-------- DATASET RECORDS
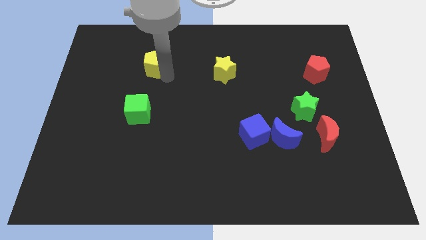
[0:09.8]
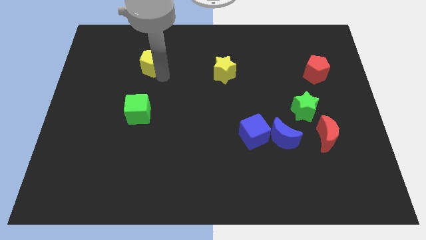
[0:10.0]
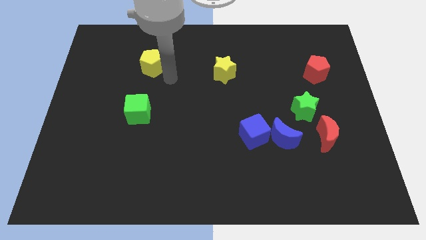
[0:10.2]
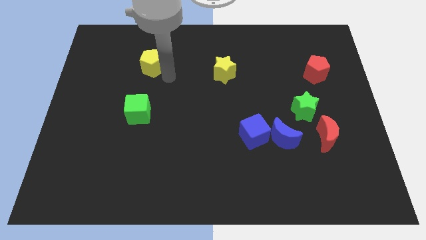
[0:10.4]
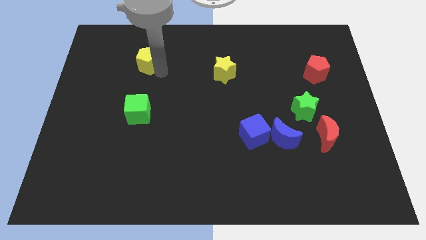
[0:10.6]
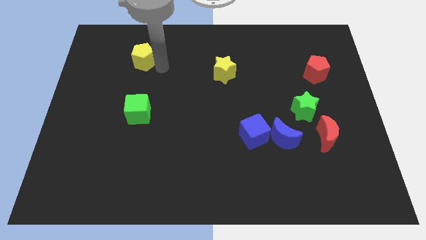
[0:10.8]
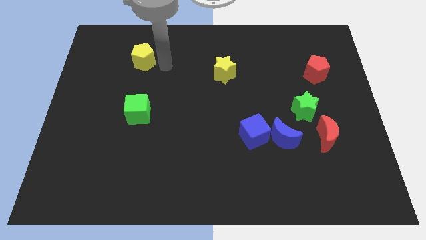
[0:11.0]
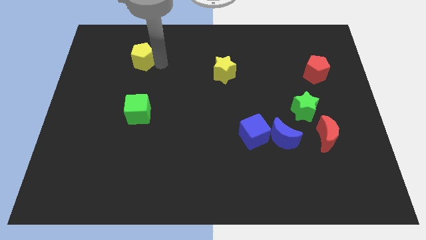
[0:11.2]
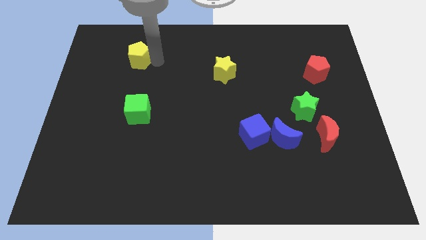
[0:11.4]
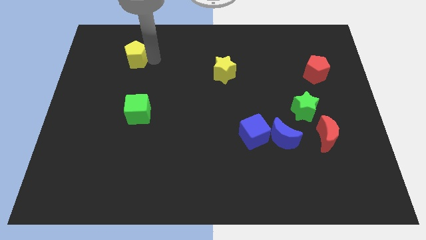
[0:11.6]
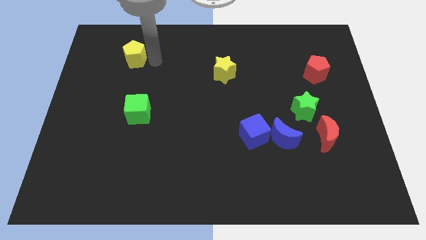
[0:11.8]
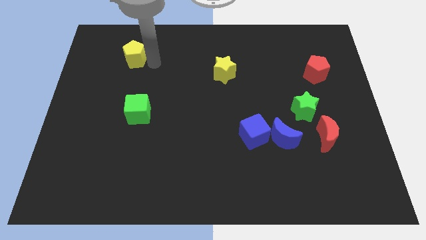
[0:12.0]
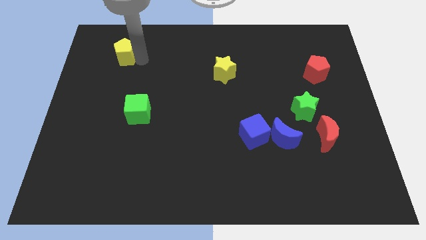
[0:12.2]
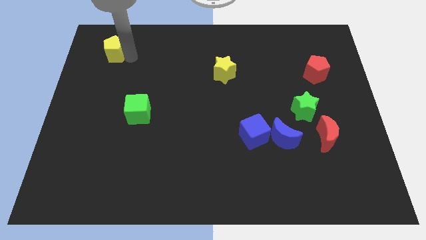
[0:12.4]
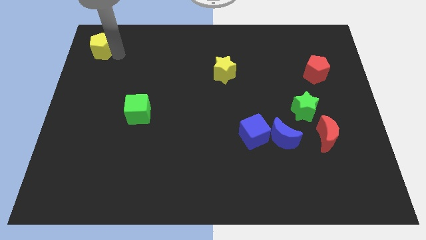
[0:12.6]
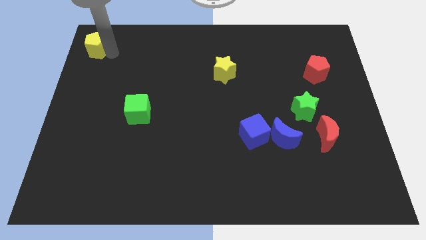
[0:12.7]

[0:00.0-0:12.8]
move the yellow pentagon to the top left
----------------
INSTRUCTIONS FOR THE TASK » Every record above must be given again exactly; drop the pictures.

WRITTEN RESPONSE »
[0:09.8]
[0:10.0]
[0:10.2]
[0:10.4]
[0:10.6]
[0:10.8]
[0:11.0]
[0:11.2]
[0:11.4]
[0:11.6]
[0:11.8]
[0:12.0]
[0:12.2]
[0:12.4]
[0:12.6]
[0:12.7]

[0:00.0-0:12.8]
move the yellow pentagon to the top left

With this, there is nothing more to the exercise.